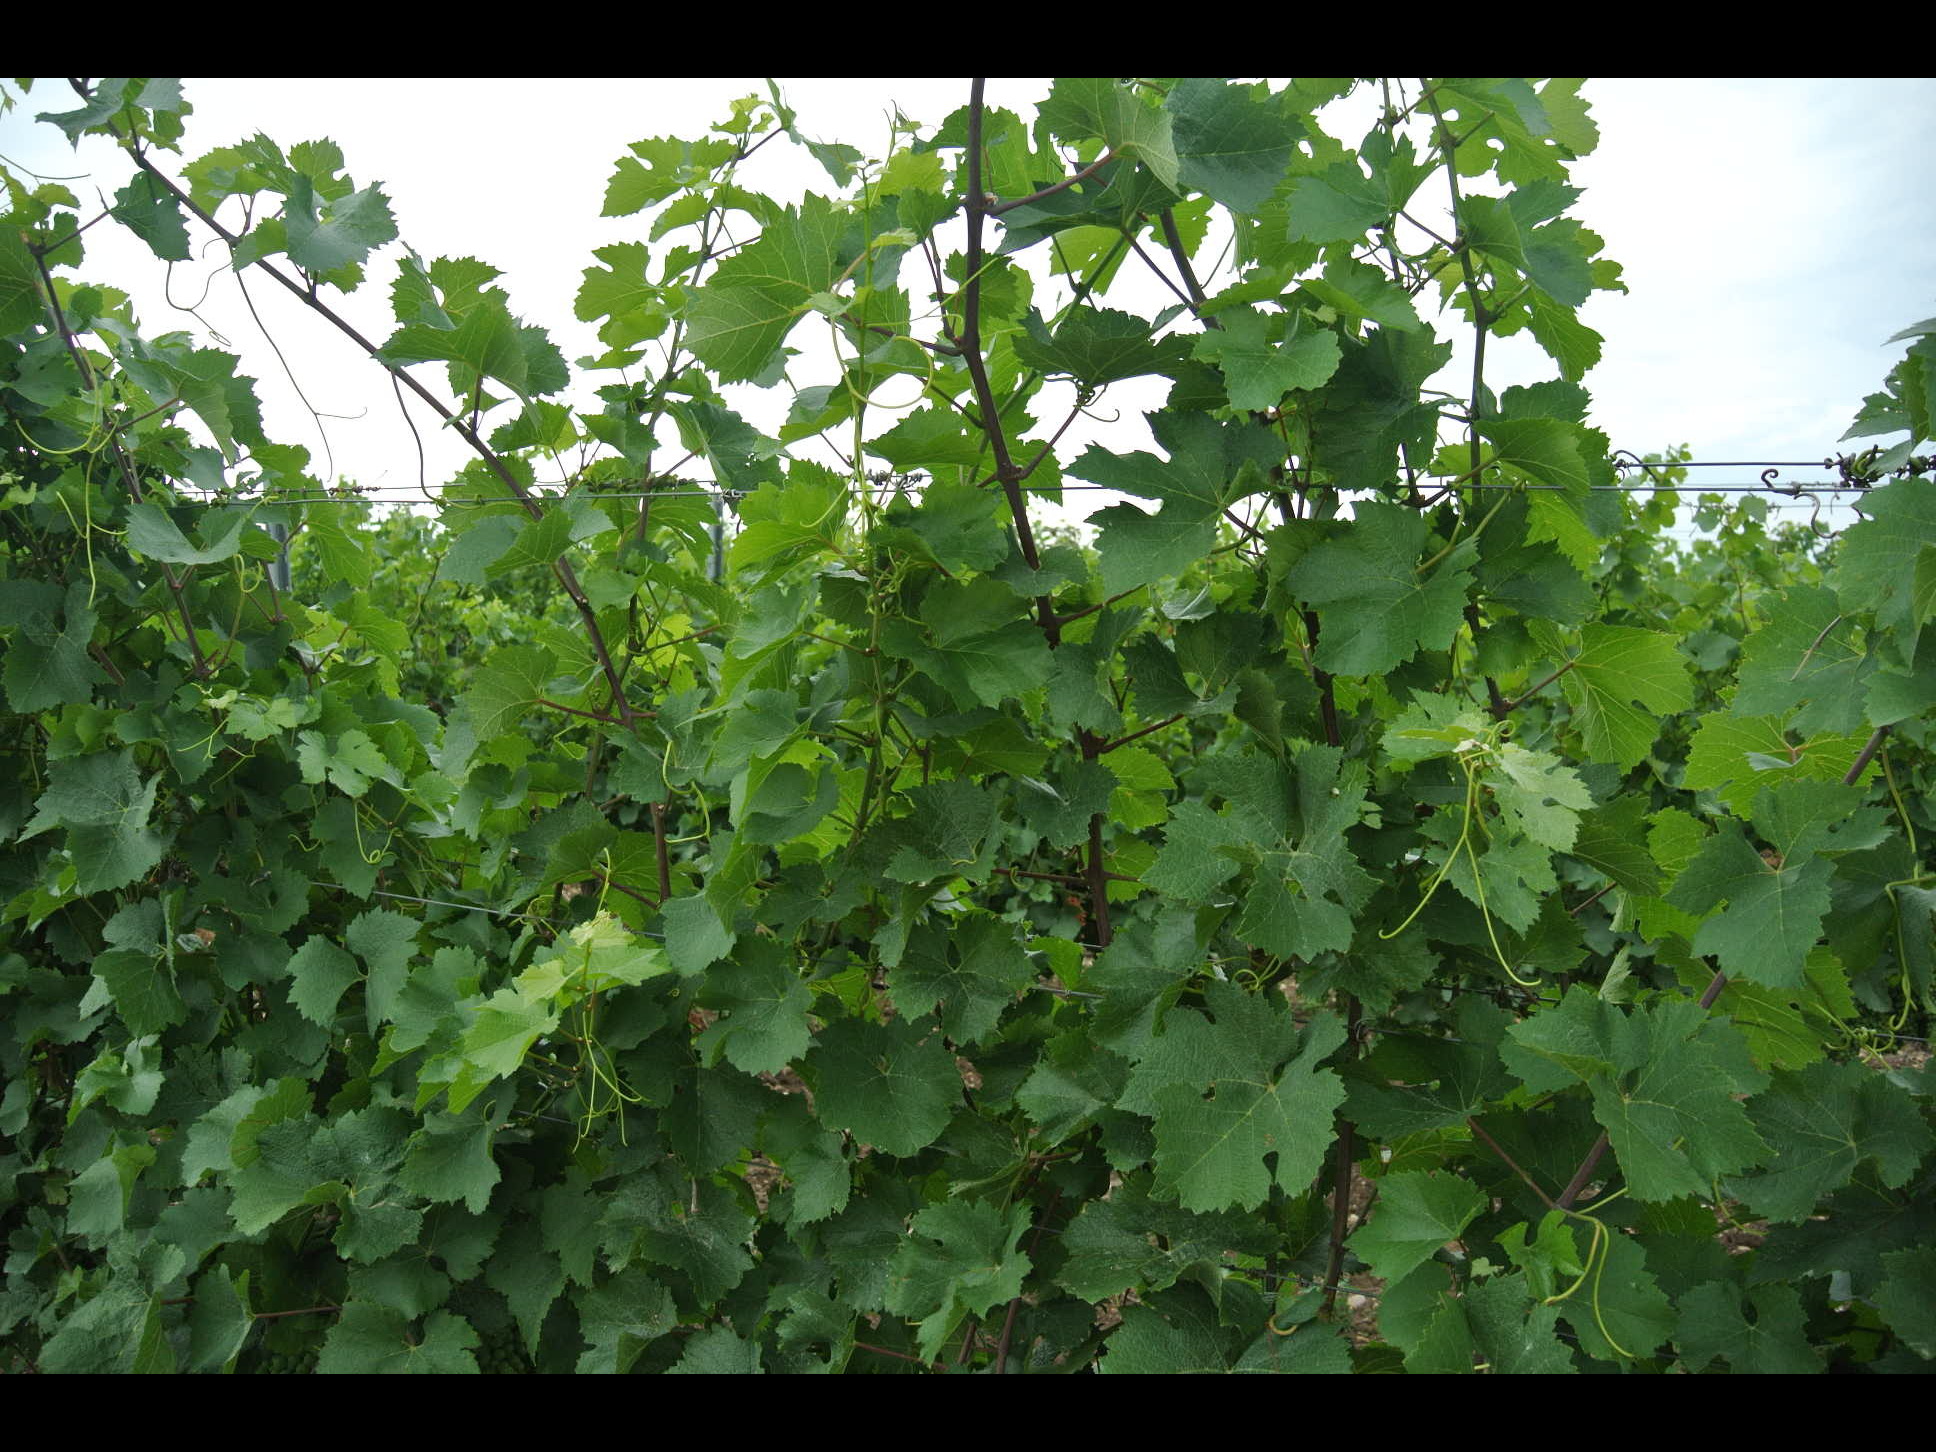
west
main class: Cropland
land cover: Vineyards
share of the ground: 25 - 50 %
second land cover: Other bare soil
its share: > 75 %
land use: Agriculture (excluding fallow land and kitchen gardens)
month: July
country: AT
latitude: 47.8813
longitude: 16.8929
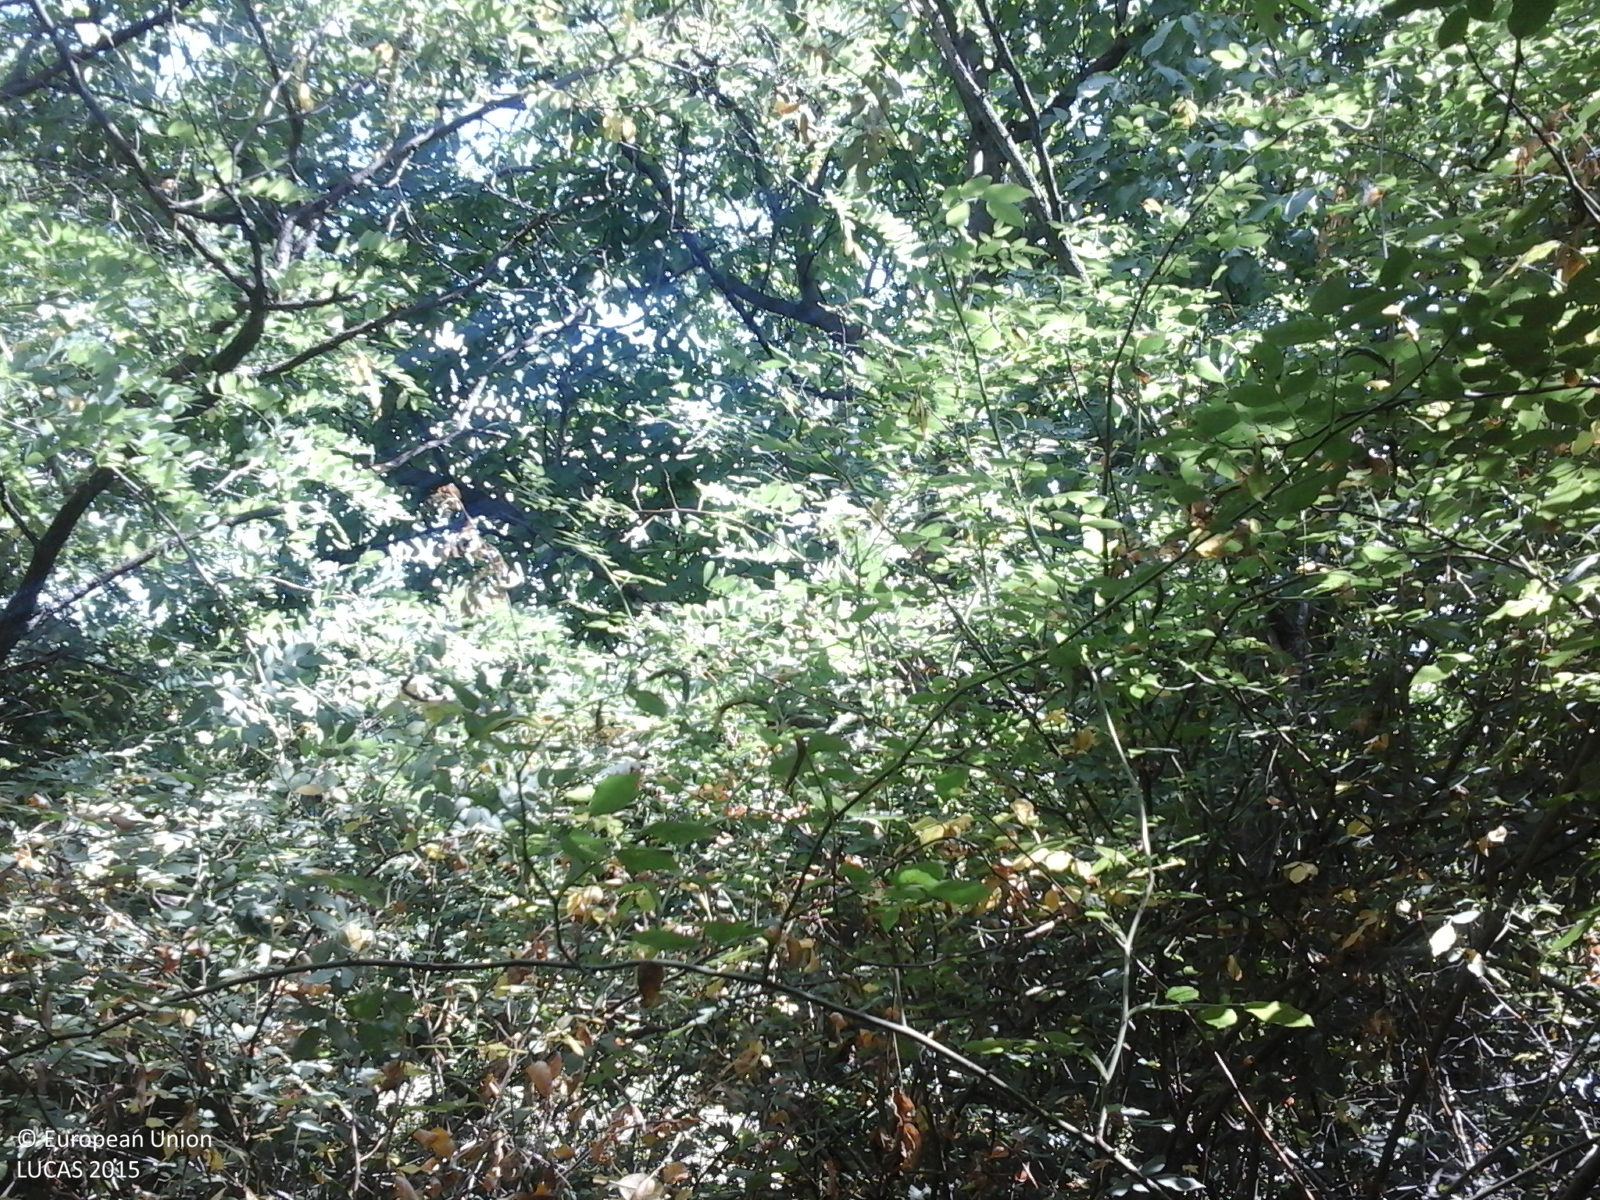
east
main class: Woodland
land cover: Broadleaved woodland
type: mesophytic deciduous forest
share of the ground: > 75 %
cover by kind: broadleaved forest trees 85 %, shrubs 10 %, herbaceous plants 5 %
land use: Forestry
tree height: > 5 m
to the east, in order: Broadleaved woodland; Tracks; Grass margins; Vineyards; Grass margins; Tracks; Grass margins; Vineyards
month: July
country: RO
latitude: 46.2737
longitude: 27.6179

##########

_What to work on:_ Each entry above is to be written out exactly. The pictures stay out.

_Solution:_
west
main class: Cropland
land cover: Vineyards
share of the ground: 25 - 50 %
second land cover: Other bare soil
its share: > 75 %
land use: Agriculture (excluding fallow land and kitchen gardens)
month: July
country: AT
latitude: 47.8813
longitude: 16.8929
east
main class: Woodland
land cover: Broadleaved woodland
type: mesophytic deciduous forest
share of the ground: > 75 %
cover by kind: broadleaved forest trees 85 %, shrubs 10 %, herbaceous plants 5 %
land use: Forestry
tree height: > 5 m
to the east, in order: Broadleaved woodland; Tracks; Grass margins; Vineyards; Grass margins; Tracks; Grass margins; Vineyards
month: July
country: RO
latitude: 46.2737
longitude: 27.6179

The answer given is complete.